What is needed => Pictures excluded, output the lines of the data below between the one holding "Taken 0.4 s after image 1." and the one holding "Taken 6.2 s after image 1.", inclusive, exactly as they stand.

Dataset =>
== == ==

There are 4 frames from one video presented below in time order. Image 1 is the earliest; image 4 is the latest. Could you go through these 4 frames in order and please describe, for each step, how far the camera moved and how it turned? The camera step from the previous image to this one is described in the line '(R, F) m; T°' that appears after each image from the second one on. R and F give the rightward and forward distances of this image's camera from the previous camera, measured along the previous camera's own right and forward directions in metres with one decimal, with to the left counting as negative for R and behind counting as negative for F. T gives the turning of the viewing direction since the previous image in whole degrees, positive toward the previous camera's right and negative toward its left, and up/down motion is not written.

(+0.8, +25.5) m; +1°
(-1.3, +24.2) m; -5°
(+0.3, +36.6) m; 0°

== == ==

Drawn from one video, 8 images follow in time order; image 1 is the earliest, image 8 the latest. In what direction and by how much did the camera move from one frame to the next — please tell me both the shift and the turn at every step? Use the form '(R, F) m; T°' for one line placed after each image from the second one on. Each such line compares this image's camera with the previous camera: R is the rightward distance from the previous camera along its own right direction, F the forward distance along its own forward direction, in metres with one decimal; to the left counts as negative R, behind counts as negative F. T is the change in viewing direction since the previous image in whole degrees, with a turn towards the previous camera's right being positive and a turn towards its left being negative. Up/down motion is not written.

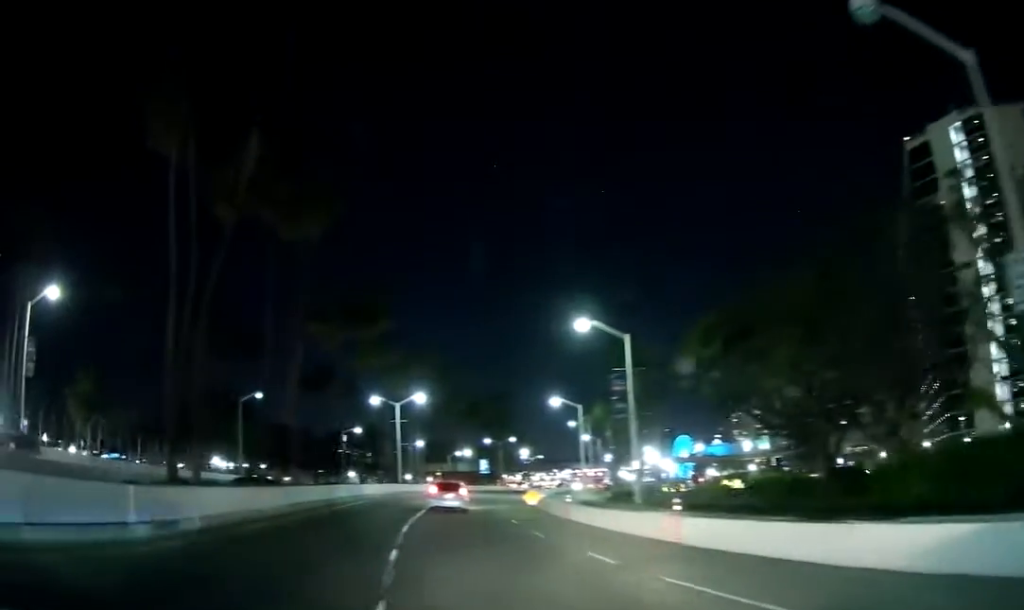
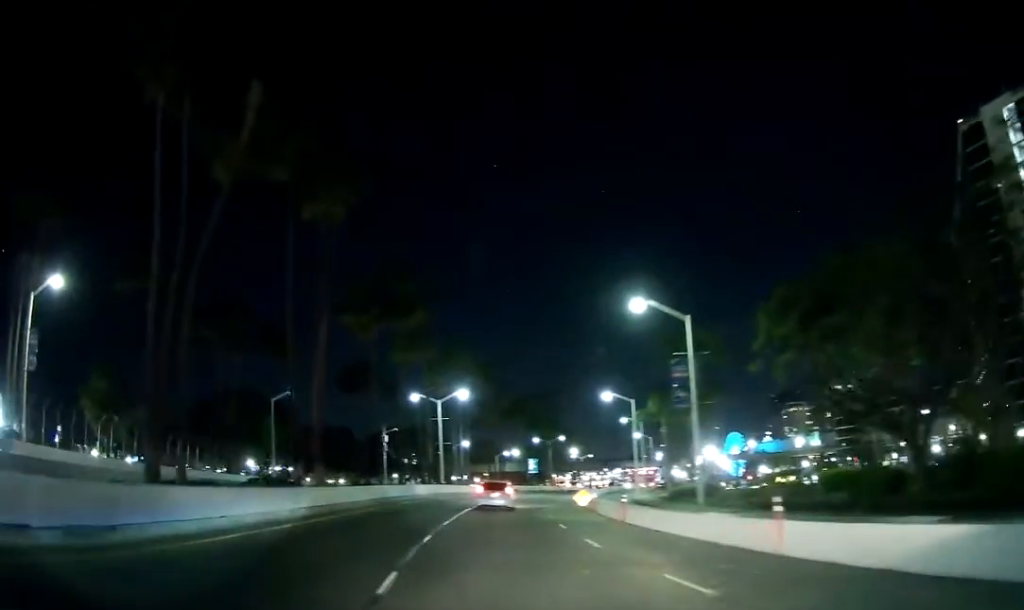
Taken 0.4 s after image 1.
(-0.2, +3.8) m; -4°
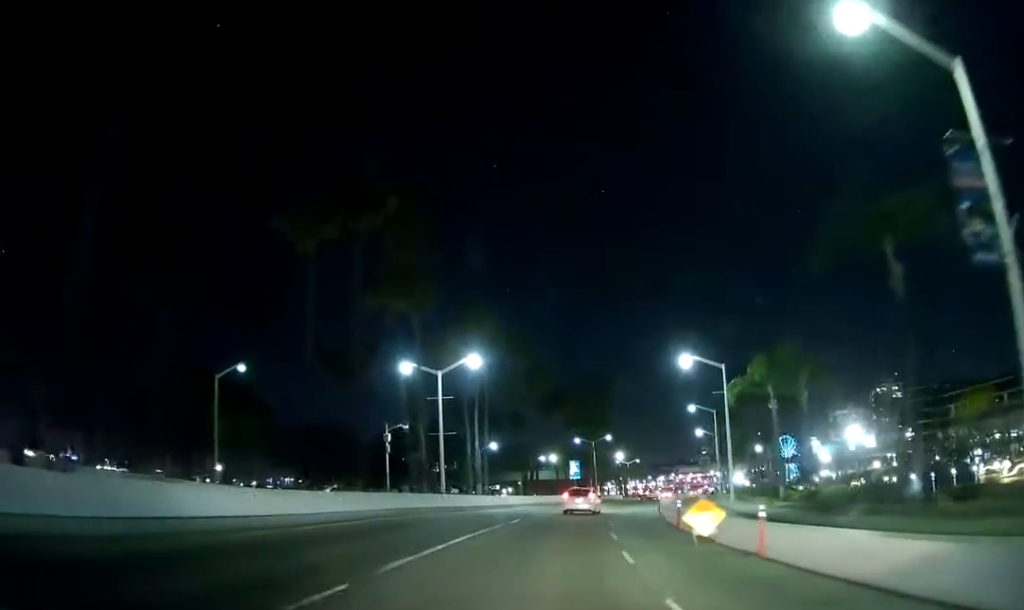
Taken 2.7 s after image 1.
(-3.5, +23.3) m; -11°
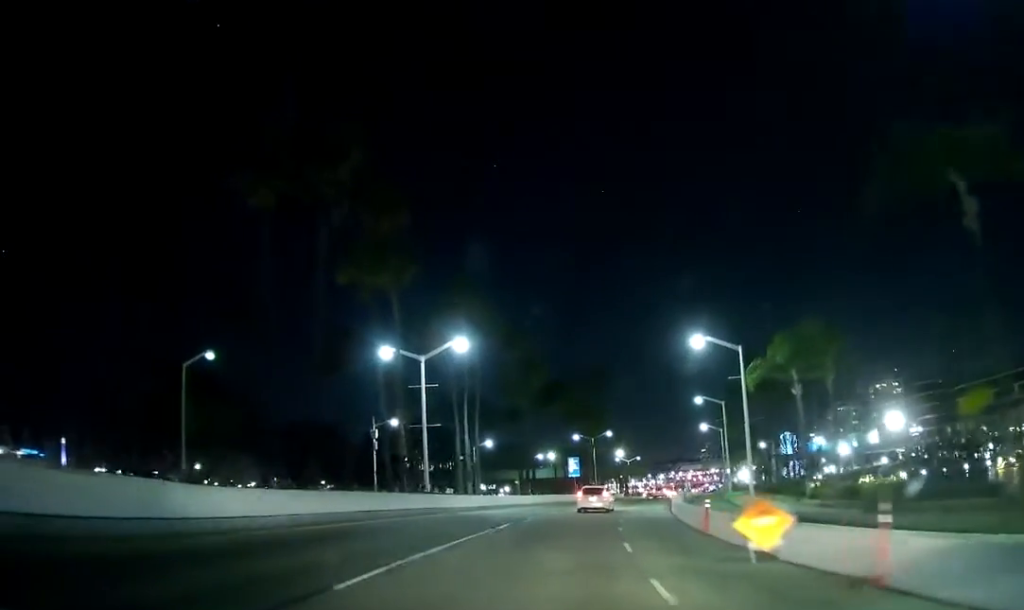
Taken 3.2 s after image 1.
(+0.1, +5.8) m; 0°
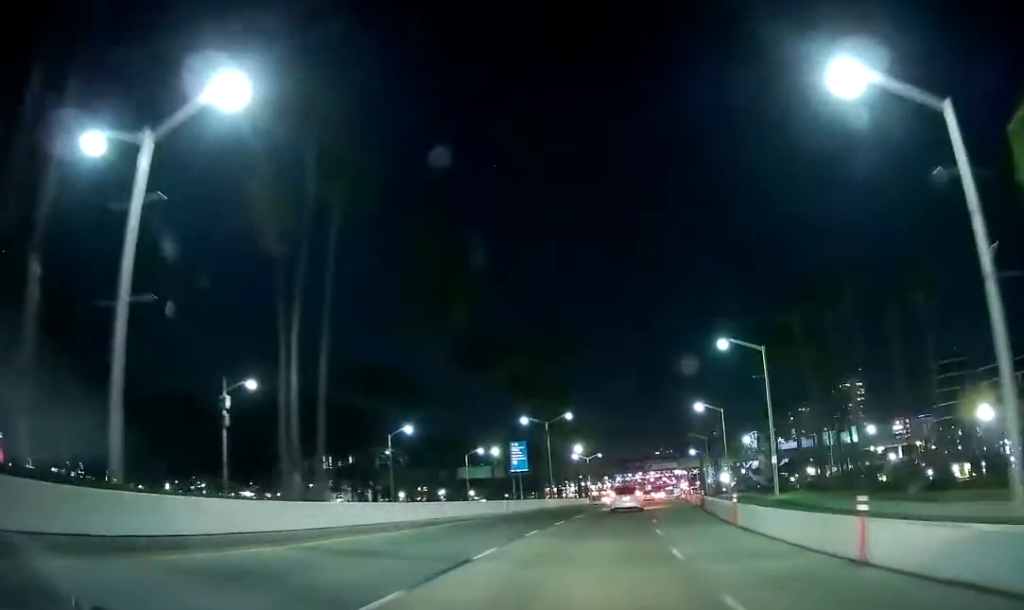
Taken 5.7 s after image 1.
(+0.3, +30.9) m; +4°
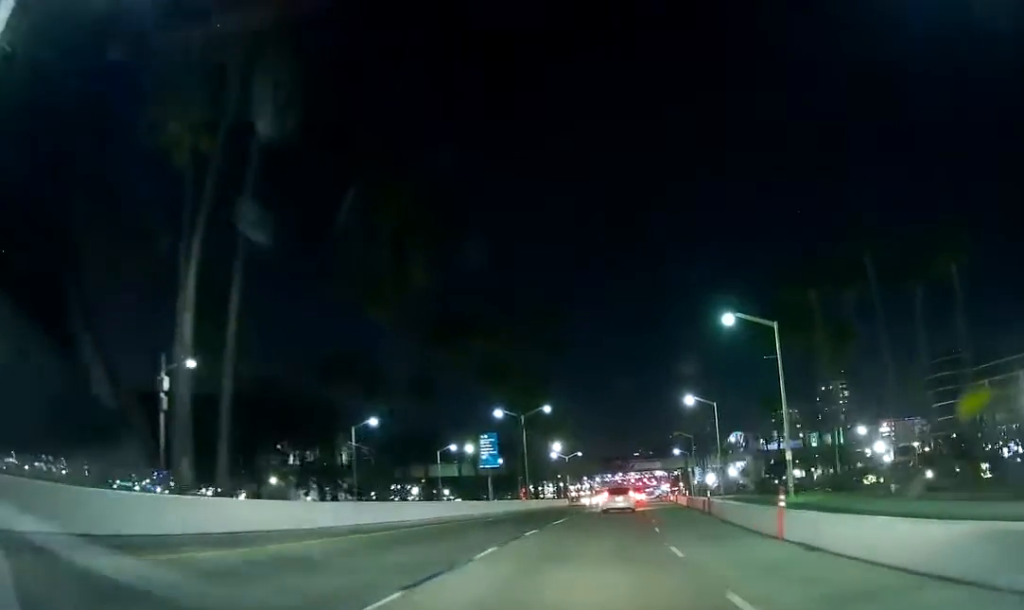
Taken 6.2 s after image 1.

== == ==

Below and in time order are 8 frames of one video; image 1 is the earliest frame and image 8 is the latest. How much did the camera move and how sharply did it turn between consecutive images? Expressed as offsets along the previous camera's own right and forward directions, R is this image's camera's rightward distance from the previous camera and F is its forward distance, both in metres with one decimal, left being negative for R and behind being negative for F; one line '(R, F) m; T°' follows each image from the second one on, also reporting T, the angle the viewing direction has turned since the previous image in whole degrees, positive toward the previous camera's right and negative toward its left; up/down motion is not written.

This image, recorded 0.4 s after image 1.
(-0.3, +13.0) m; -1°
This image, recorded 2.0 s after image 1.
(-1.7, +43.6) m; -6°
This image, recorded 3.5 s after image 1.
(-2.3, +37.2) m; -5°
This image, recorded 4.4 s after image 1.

== == ==

Written solution =>
Taken 0.4 s after image 1.
(-0.2, +3.8) m; -4°
Taken 2.7 s after image 1.
(-3.5, +23.3) m; -11°
Taken 3.2 s after image 1.
(+0.1, +5.8) m; 0°
Taken 5.7 s after image 1.
(+0.3, +30.9) m; +4°
Taken 6.2 s after image 1.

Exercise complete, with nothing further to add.